One of the lessons that I learned is that respect does not come automatically just because I am granted a position of authority, nor should it. At first, I would get so frustrated when certain students didn’t listen to me, didn’t do their work, or spoke to me in ways that I knew would horrify their mothers and that most likely wouldn’t be tolerated by a teacher that shared their cultural background. I would constantly wonder why they were testing me day after day. Looking back on it now, it makes sense. The fact that I was in a position of power in a culture and language that was not my own should have touched a nerve, whether it was conscious or not. I’m not saying at all that we should give students a pass on disrespectful behavior. It has to be addressed. I am saying that the sooner we can recognize the role of our dysfunctional system in that behavior and acknowledge the ways we have benefitted from that dysfunction, the less likely we are to take it personally and react. And the less we react, the less our buttons get pushed. The next year was easier, as was the year after that. I had earned some trust and with it, respect.

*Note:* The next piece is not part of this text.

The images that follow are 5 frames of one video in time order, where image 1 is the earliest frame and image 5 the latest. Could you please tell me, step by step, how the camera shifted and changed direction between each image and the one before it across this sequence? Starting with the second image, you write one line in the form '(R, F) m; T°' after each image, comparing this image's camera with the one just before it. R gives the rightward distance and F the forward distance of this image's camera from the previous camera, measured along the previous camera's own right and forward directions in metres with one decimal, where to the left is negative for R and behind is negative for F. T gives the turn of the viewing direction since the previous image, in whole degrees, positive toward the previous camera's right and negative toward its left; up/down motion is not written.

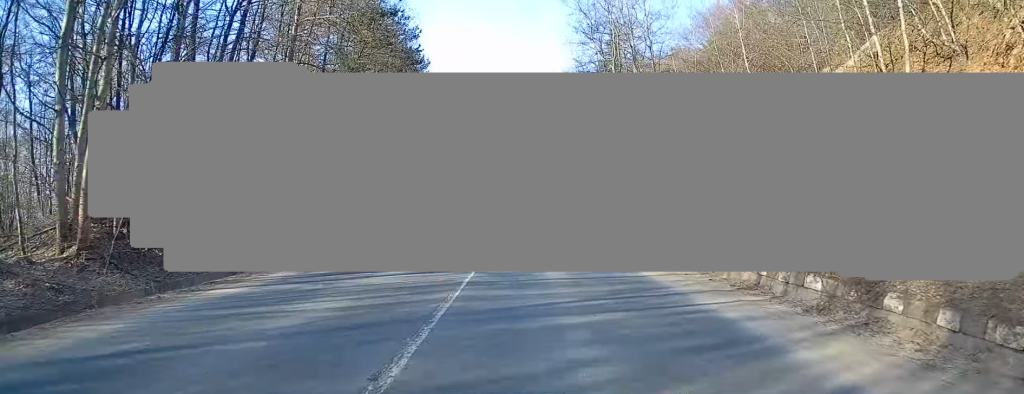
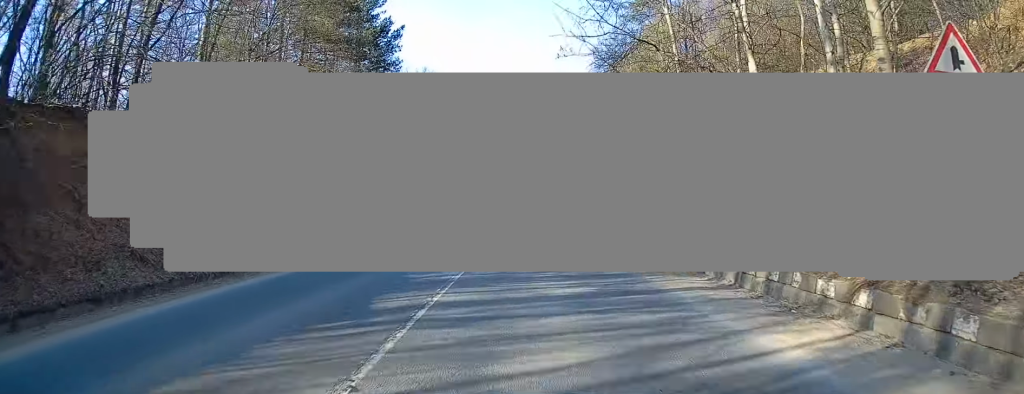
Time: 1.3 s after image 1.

Which leads me to my second big lesson – I should never expect insider status for being an ally. I know that ally is a loaded word in social justice circles, and rightfully so. As people in positions of power (in this case, white people), we shouldn’t need a special designation just for doing the right thing. Maybe I should say – I should never expect insider status for doing the right thing by my students. My students came to trust and respect me with time and consistency. Sometimes they let me in their world which led to some great connections, but it was important then and it is important now for me to remember that I am a guest in this language and the cultures that speak it, and as a guest, it is important for me to be on my best behavior. For me, that means listening more than I speak (still a hard one for me as a teacher). It means being curious about things that I don’t know about or understand while withholding demands for explanations or my own personal judgements. It means doing my own homework instead of just expecting my students to teach me about their culture all the time.

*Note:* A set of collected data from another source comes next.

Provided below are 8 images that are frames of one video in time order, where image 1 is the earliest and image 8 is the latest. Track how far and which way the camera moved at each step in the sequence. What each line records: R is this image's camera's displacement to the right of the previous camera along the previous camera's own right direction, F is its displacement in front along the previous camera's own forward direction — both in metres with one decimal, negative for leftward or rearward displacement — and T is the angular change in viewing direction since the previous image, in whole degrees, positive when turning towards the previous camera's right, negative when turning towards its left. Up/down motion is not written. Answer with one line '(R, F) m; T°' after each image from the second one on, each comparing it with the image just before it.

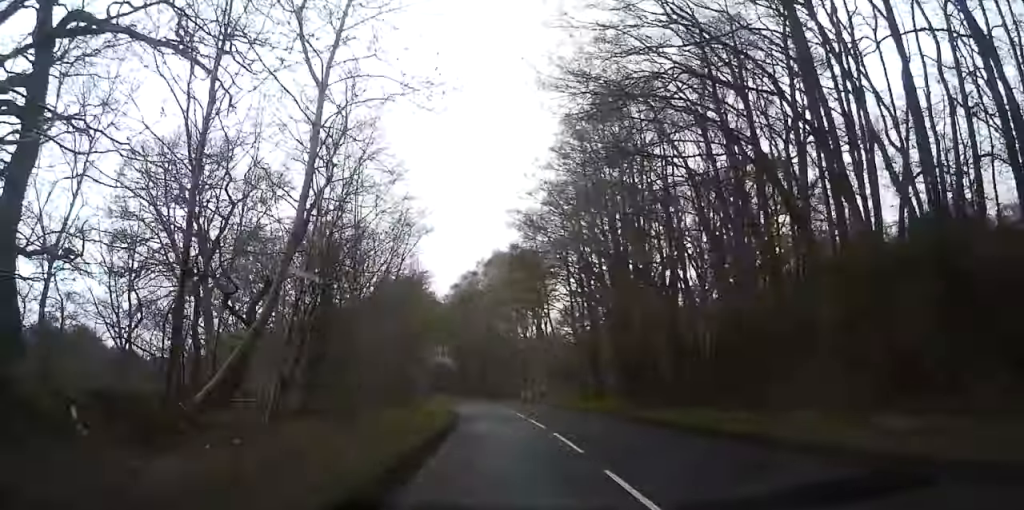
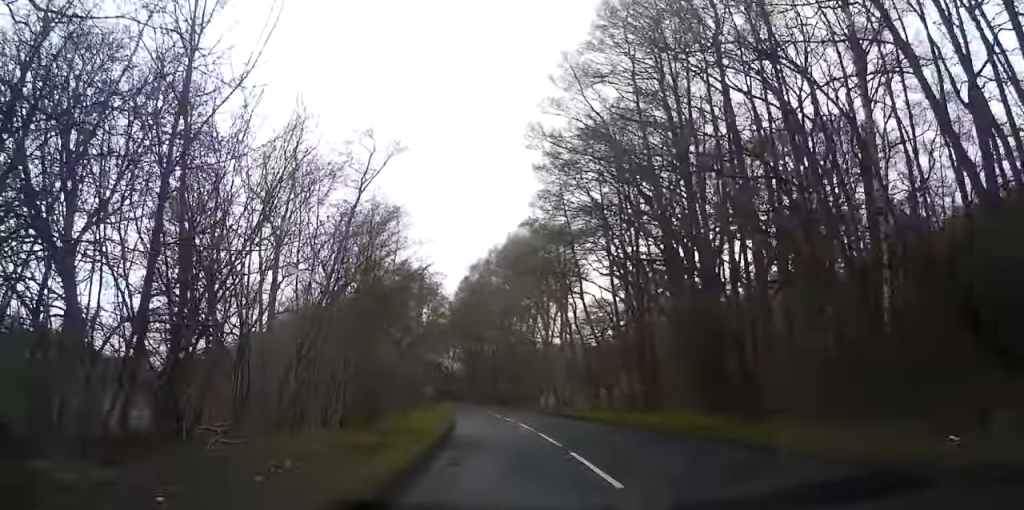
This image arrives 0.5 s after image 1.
(-0.1, +13.6) m; -2°
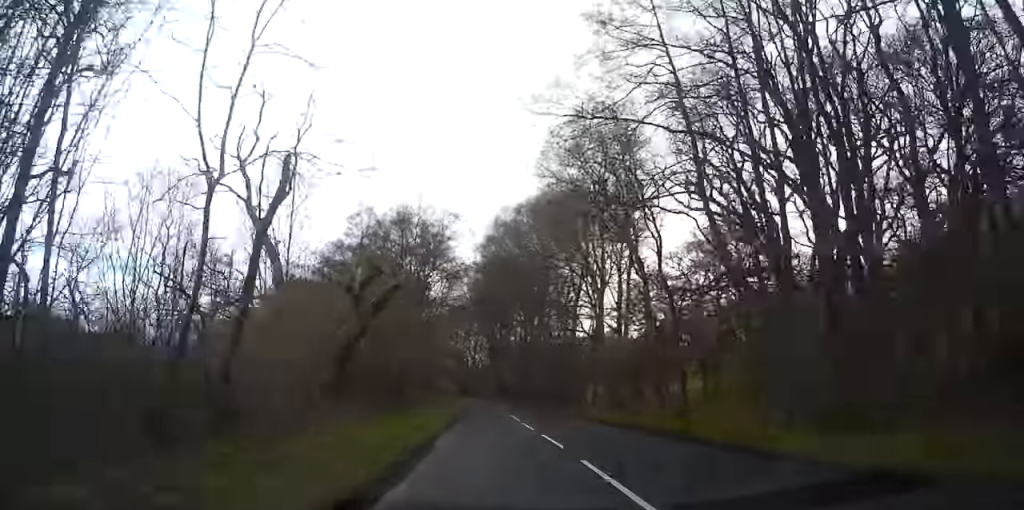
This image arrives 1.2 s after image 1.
(-0.5, +20.1) m; -2°
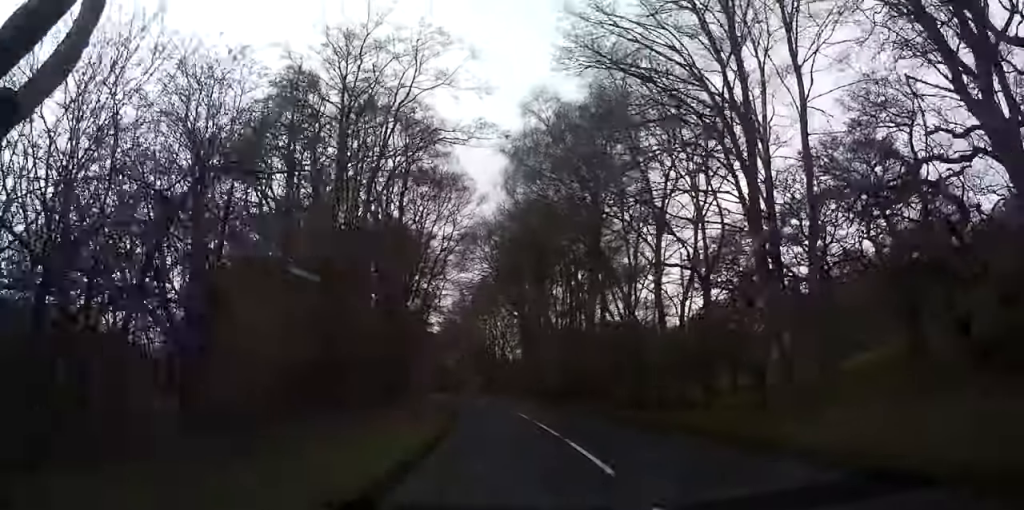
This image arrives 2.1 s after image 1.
(-0.6, +23.9) m; -3°
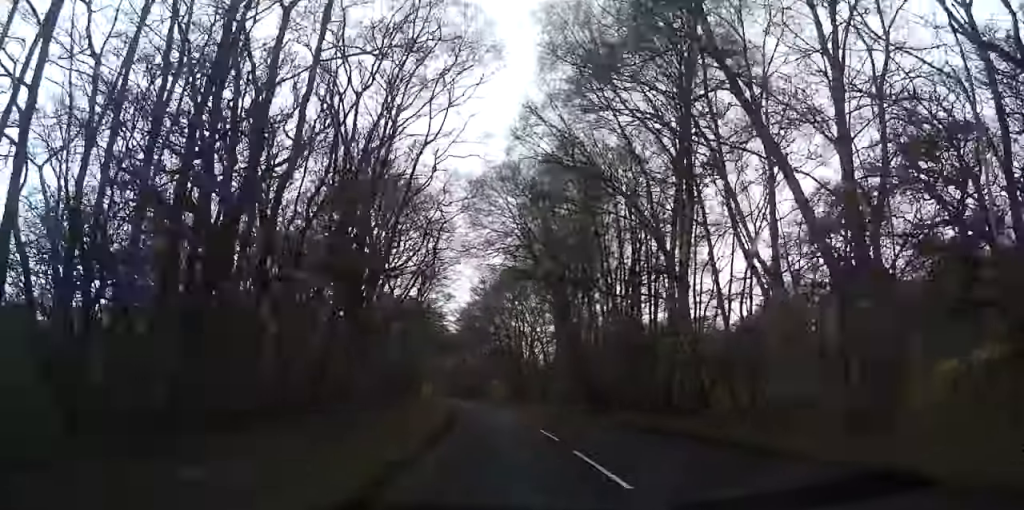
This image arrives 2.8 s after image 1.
(-0.2, +19.3) m; -2°
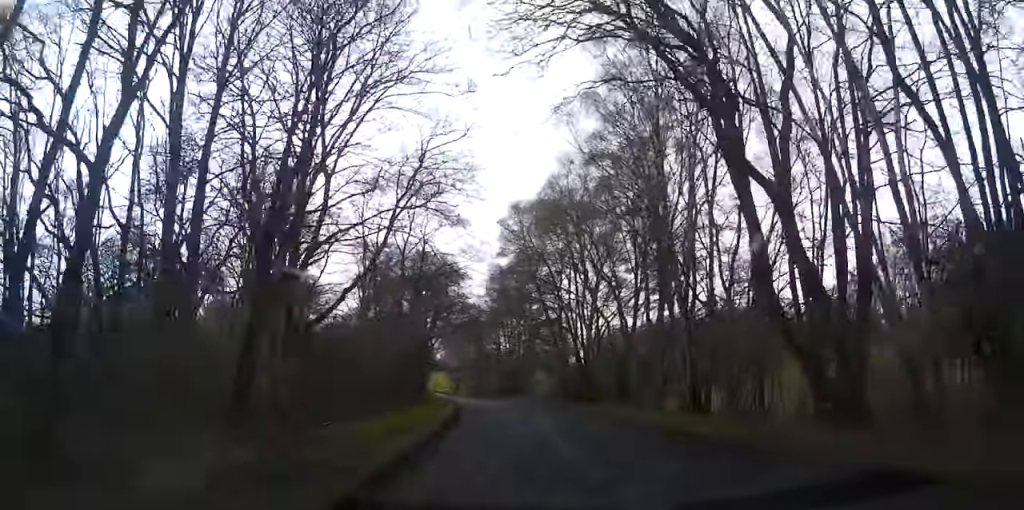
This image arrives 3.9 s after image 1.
(-1.2, +30.6) m; -4°
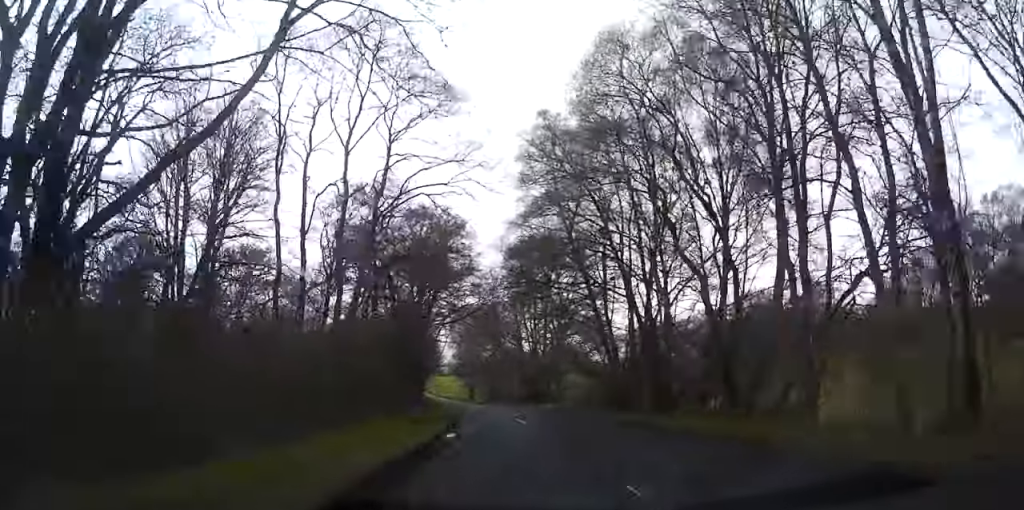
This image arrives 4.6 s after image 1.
(-0.3, +18.6) m; -2°
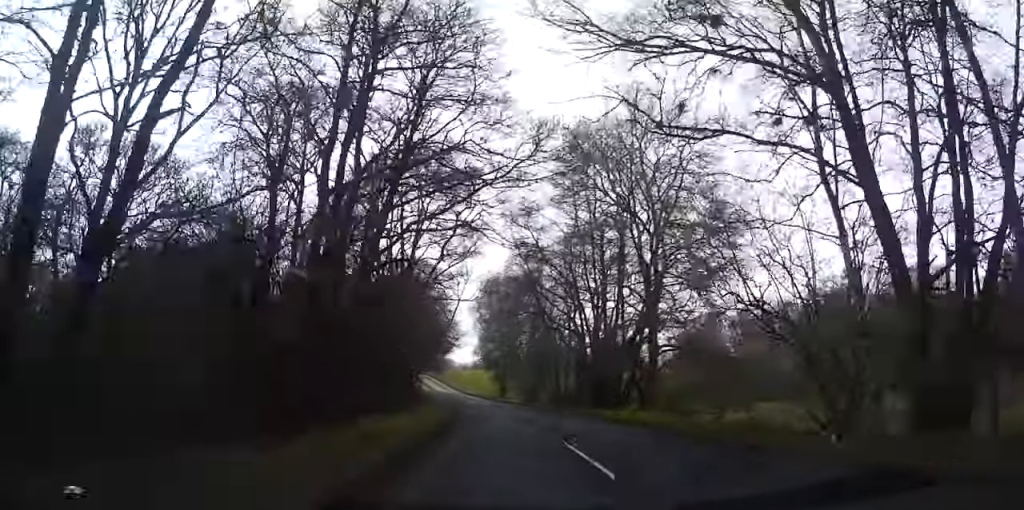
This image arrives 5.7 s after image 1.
(-0.6, +30.7) m; -3°

The third thing I learned from this first phase of my career was to believe my students when they tell me something is racist. This may seem like a no-brainer for most educators. I hope that it does. It wasn’t for me. I can be a real Pollyanna at times. I didn’t want to believe that my students were being mistreated and that racism was a part of their daily lives, and that desire was detrimental to them. It was unintentional gaslighting. I’ve since learned that intent does not excuse impact and I am truly sorry to any student that I ever doubted when they told me about racism that they had experienced. If you’re a white teacher reading this post, learn from my mistakes. If a student of color (or any person of color that matter) tells you something is racist, it is. It’s never your job to say it’s not. 

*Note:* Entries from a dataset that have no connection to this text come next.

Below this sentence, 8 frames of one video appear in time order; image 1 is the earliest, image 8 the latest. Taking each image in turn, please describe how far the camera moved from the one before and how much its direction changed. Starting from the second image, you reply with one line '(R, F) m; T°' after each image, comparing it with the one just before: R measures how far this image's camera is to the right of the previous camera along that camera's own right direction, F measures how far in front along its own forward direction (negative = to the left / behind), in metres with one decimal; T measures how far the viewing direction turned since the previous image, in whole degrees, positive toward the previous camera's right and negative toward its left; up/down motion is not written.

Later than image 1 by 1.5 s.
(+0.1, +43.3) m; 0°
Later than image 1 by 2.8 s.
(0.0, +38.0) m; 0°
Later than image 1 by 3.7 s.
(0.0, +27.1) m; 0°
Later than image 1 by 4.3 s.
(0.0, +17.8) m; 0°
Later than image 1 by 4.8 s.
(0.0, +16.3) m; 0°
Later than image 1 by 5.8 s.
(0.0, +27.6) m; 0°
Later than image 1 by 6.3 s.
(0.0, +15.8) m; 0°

When I decided to leave that position to move somewhere warmer and less isolated, leaving my heritage students was the hardest part. The ones that were freshmen when I started were about to be seniors and I wanted to watch them finish strong and graduate. I was able to come back for graduation and watching them walk across the stage was a huge honor. I learned a lot during my time with them, and yet, I still had so much more to learn. I still do, but I’ll get to that in a follow-up post.